I agreed to visit the campus in February 2013, three months before we got married, with the hope of putting the idea to rest for good. We flew to Dallas on President’s Day weekend. When we were walking off the plane and onto the jetway at DFW, I had an overwhelming feeling that I was coming home. I was furious. I knew then that this was the place where the Lord was leading us. While I wasn’t happy about it, it became a simple decision to move here, and we did in August 2013.
Since then, my love for this city has grown immensely. Once I let go of my resentment over it not being Columbus, I was able to see that I can love Dallas, too.
So how do I love thee, Dallas? Let me count the ways…
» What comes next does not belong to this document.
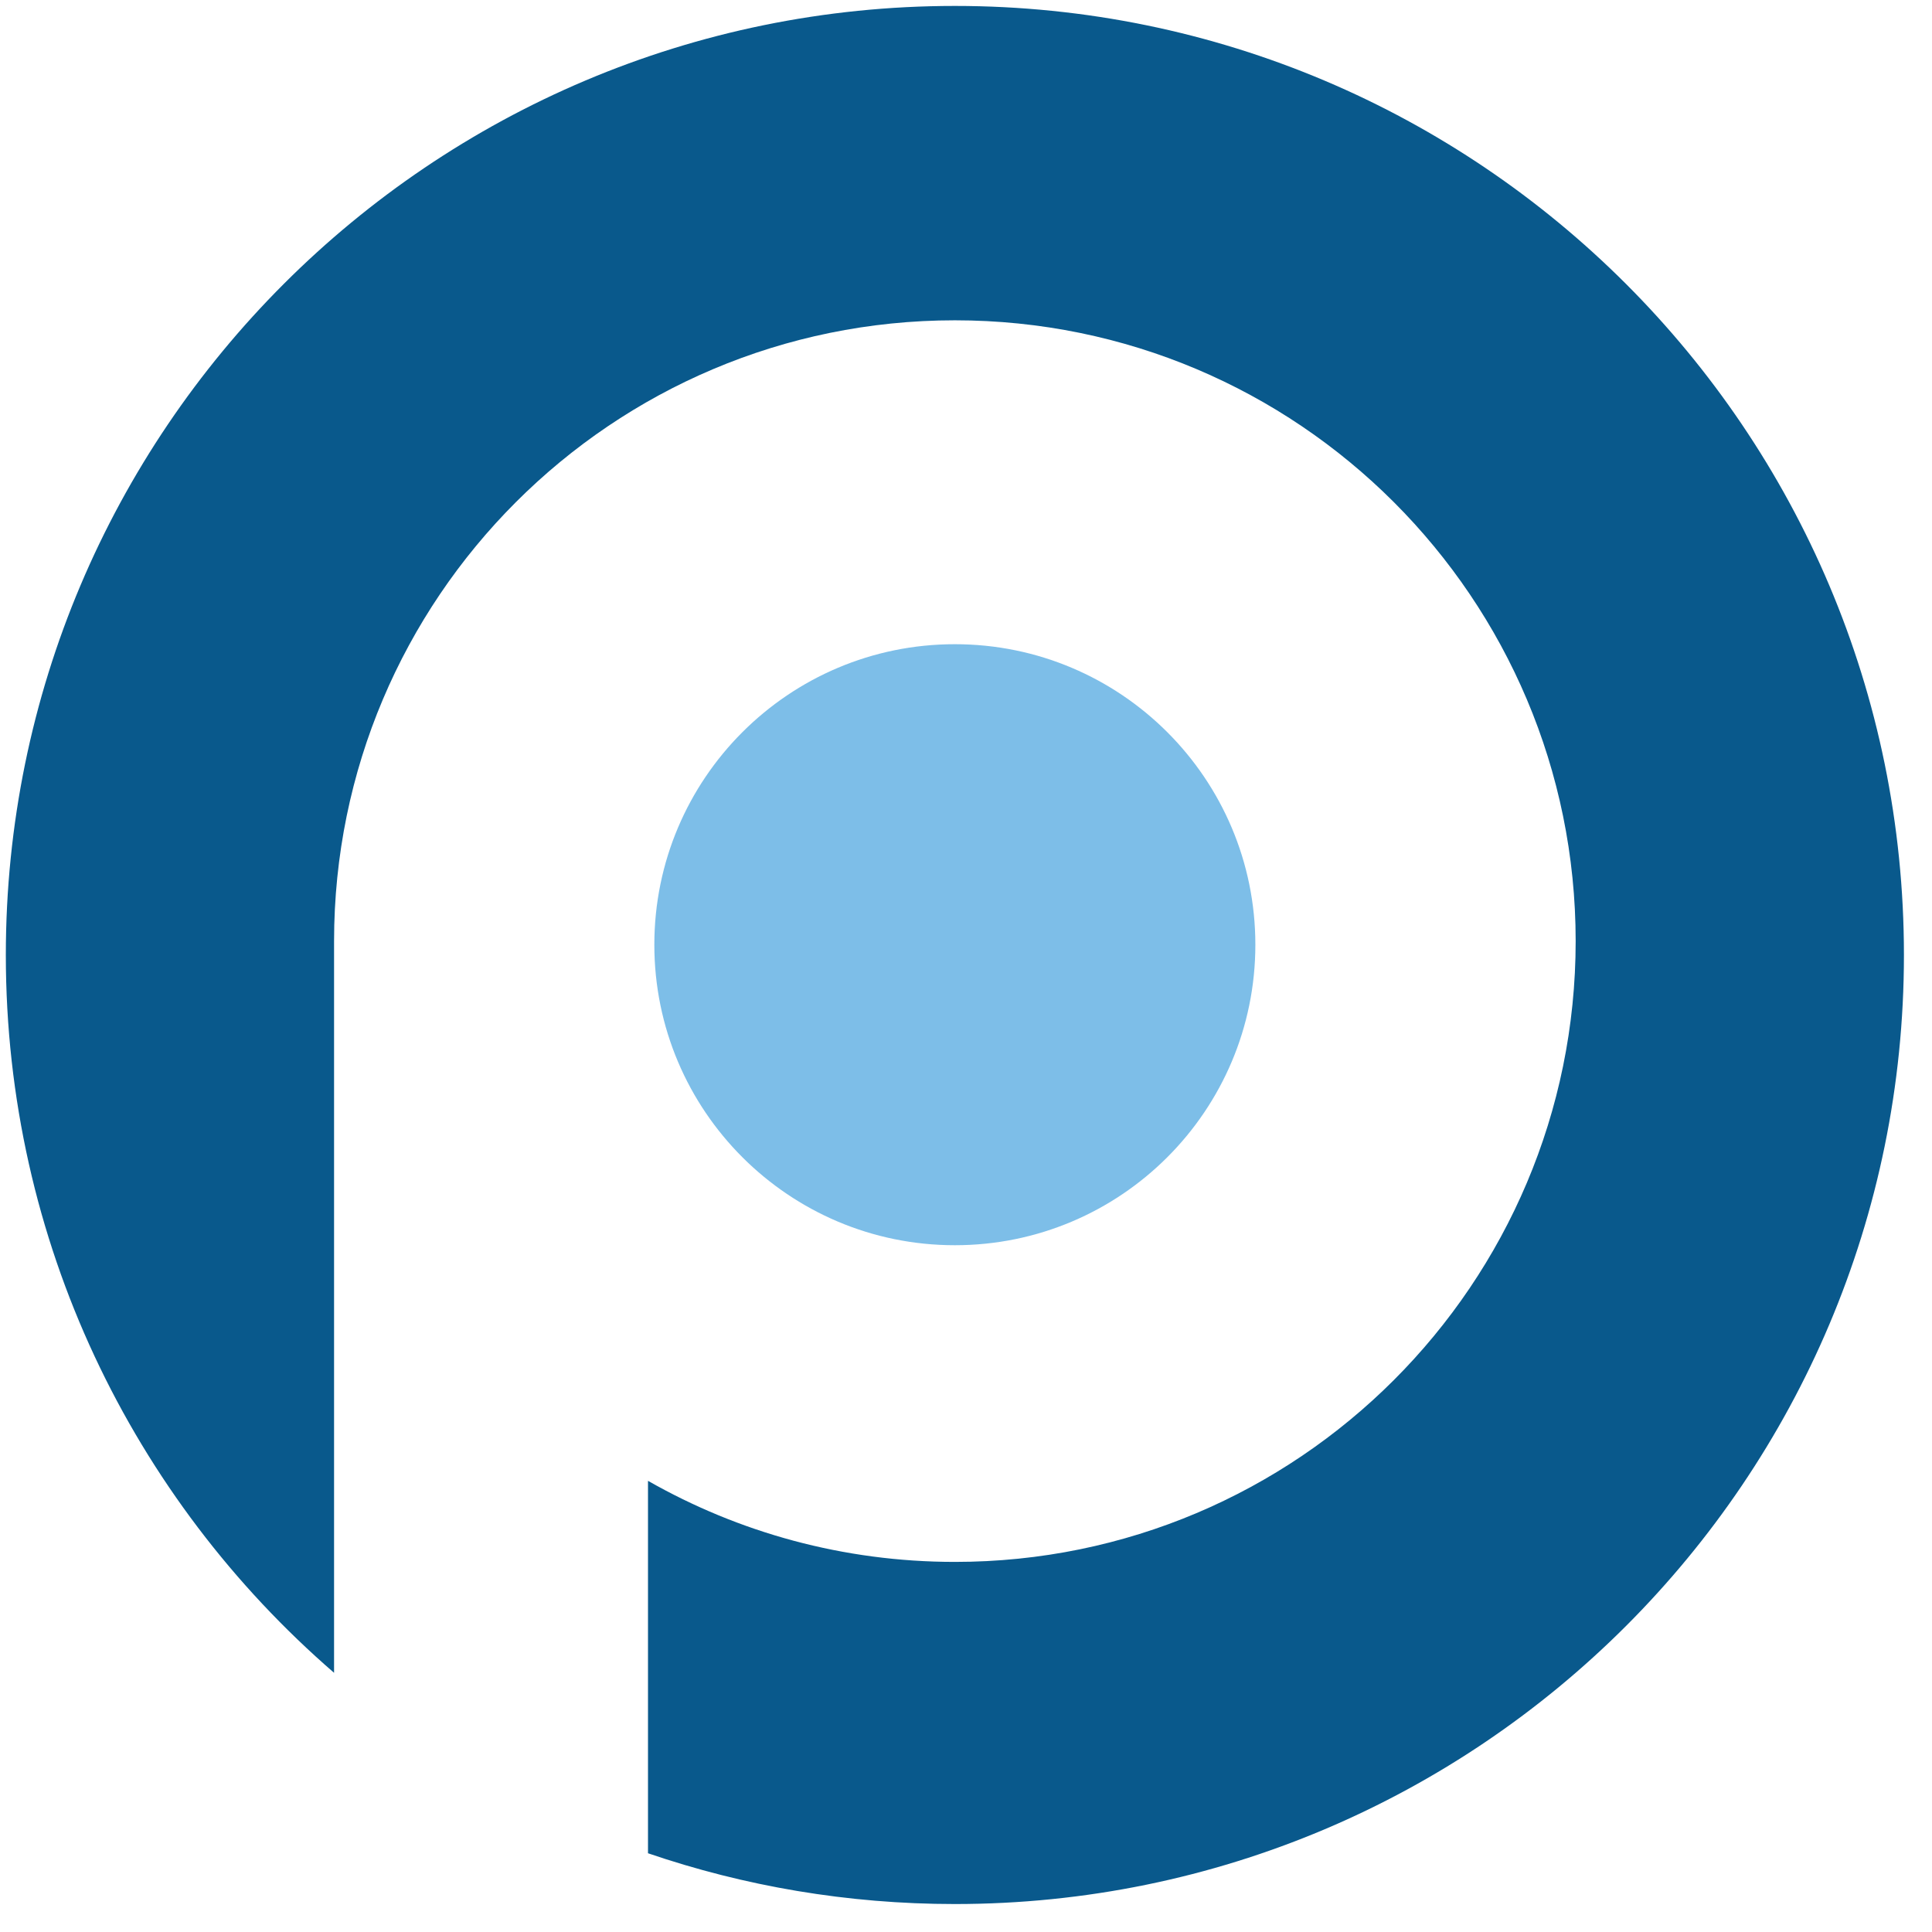 <svg xmlns="http://www.w3.org/2000/svg" width="57" height="57" viewBox="0 0 57 57" fill="none"><path d="M28.172 0.175C12.708 0.175 0.172 12.711 0.172 28.175C0.172 36.636 3.924 44.219 9.856 49.353V27.766C9.856 17.65 18.056 9.45 28.172 9.45C38.287 9.45 46.487 17.65 46.487 27.766C46.487 37.881 38.287 46.081 28.172 46.081C24.878 46.081 21.788 45.211 19.118 43.689V54.677C21.957 55.647 25.003 56.175 28.172 56.175C43.635 56.175 56.172 43.638 56.172 28.175C56.172 12.711 43.637 0.175 28.172 0.175Z" fill="#09598C"></path><path d="M28.171 36.738C33.067 36.738 37.037 32.768 37.037 27.872C37.037 22.975 33.067 19.006 28.171 19.006C23.274 19.006 19.305 22.975 19.305 27.872C19.305 32.768 23.274 36.738 28.171 36.738Z" fill="#7DBEE8"></path></svg>

- Our church. Here I found the first church I’ve ever really loved. The Village Church has been our home from the very first Sunday I was here, even before David moved down. We joined a home group the first year, and have been leading one for the past two and a half. David has worked there for a year and a half now. There are few things that have brought me as much joy as being part of that community.
- My job. I LOVE my job. Every day is exciting and I was honestly thrilled to go back after Christmas break. It can be draining and exhausting, but it is one of the most rewarding things I have ever done. I watched a video last week about Millennials’ need to feel that they’re making a difference in the workplace. Maybe that’s true, because I really like feeling that I’m doing something worthwhile. Teaching third grade is not a job that always provides instant gratification. The results of what I do every day may not be seen for years. I believe so strongly in the mission of my school that it makes it a joy to both help develop my students’ character and introduce them to Old Yeller.
- The weather. Ask me in the height of summer how I feel about Dallas and I will tell you I hate this place, but right now it’s pretty great. We had some snow on Friday (which my kids were THRILLED about) and it’s going to be 76 on Wednesday. Sitting on a patio at a restaurant is an activity that can be enjoyed nearly year-round. Outdoor activities are really only off limits in the summer, which is the opposite of what I grew up with. I’m thankful for my school schedule, because it allows me to spend most of my summer in a pool.
- The skyline. Dallas is beautiful, especially at night. Reunion Tower and the Omni always have fun things to look at. This building is my personal favorite. We live fairly close to downtown, and EVERY TIME we drive home on Ross close to sunset, David makes a comment about what a nice view of the city we have. Every single time.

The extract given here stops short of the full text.